Reputation: 1300
I am using node to recursively traverse a file system and make a system call for each file, by using child.exec. It works well when tested on a small structure, with a couple of folders and files, but when run on the whole home directory, it crashes after a while
child_process.js:945
throw errnoException(process._errno, 'spawn');
^
Error: spawn Unknown system errno 23
at errnoException (child_process.js:998:11)
at ChildProcess.spawn (child_process.js:945:11)
at exports.spawn (child_process.js:733:9)
at Object.exports.execFile (child_process.js:617:15)
at exports.exec (child_process.js:588:18)
Does this happen because it uses up all resources? How can I avoid this?
EDIT: Code improvement and best practices suggestions always welcome :)
function processDir(dir, callback) {
fs.readdir(dir, function (err, files) {
if (err) {...}
if (files) {
async.each(files, function (file, cb) {
var filePath = dir + "/" + file;
var stats = fs.statSync(filePath);
if (stats) {
if (stats.isFile()) {
processFile(dir, file, function (err) {
if (err) {...}
cb();
});
} else if (stats.isDirectory()) {
processDir(filePath, function (err) {
if (err) {...}
cb();
});
}
}
}, function (err) {
if (err) {...}
callback();
}
);
}
});
}
Upvotes: 2
Views: 3766
Reputation: 707258
As has been established in comments, you are likely running out of file handles because you are running too many concurrent operations on your files. So, a solution is to limit the number of concurrent operations that run at once so too many files aren't in use at the same time.

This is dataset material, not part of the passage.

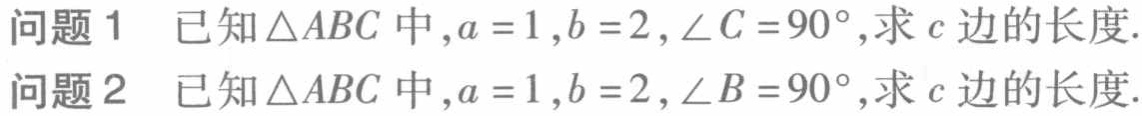
问题 1 已知\(\triangle ABC\)中，\(a = 1\)，\(b = 2\)，\(\angle C = 90^{\circ}\)，求\(c\)边的长度.
问题 2 已知\(\triangle ABC\)中，\(a = 1\)，\(b = 2\)，\(\angle B = 90^{\circ}\)，求\(c\)边的长度.

Here's a somewhat different implementation that uses Bluebird promises to control both the async aspects of the operation and the concurrency aspects of the operation.
To make the management of the concurrency aspect easier, this collects the entire list of files into an array first and then processes the array of filenames rather than processing as you go. This makes it easier to use a built-in concurrency capability in Bluebird's .map()
(which works on a single array) so we don't have to write that code ourselves:
var Promise = require("bluebird");
var fs = Promise.promisifyAll(require("fs"));
var path = require("path");
// recurse a directory, call a callback on each file (that returns a promise)
// run a max of numConcurrent callbacks at once
// returns a promise for when all work is done
function processDir(dir, numConcurrent, fileCallback) {
var allFiles = [];
function listDir(dir, list) {
var dirs = [];
return fs.readdirAsync(dir).map(function(file) {
var filePath = path.join(dir , file);
return fs.statAsync(filePath).then(function(stats) {
if (stats.isFile()) {
allFiles.push(filePath);
} else if (stats.isDirectory()) {
return listDir(filePath);
}
}).catch(function() {
// ignore errors on .stat - file could just be gone now
return;
});
});
}
return listDir(dir, allFiles).then(function() {
return Promise.map(allFiles, function(filename) {
return fileCallback(filename);
}, {concurrency: numConcurrent});
});
}
// example usage:
// pass the initial directory,
// the number of concurrent operations allowed at once
// and a callback function (that returns a promise) to process each file
processDir(process.cwd(), 5, function(file) {
// put your own code here to process each file
// this is code to cause each callback to take a random amount of time
// for testing purposes
var rand = Math.floor(Math.random() * 500) + 500;
return Promise.delay(rand).then(function() {
console.log(file);
});
}).catch(function(e) {
// error here
}).finally(function() {
console.log("done");
});
FYI, I think you'll find that proper error propagation and proper error handling from many async operations is much, much easier with promises than the plain callback method.
Upvotes: 0
Reputation: 4005
Well, I don't know the reason for the failure, but if this is what you expect (using up all of the resources) or as others say (too many files open), you could try to use multitasking for it. JXcore (fork of Node.JS) offers such thing - it allows to run a task in a separate instance, but this is done still inside one single process.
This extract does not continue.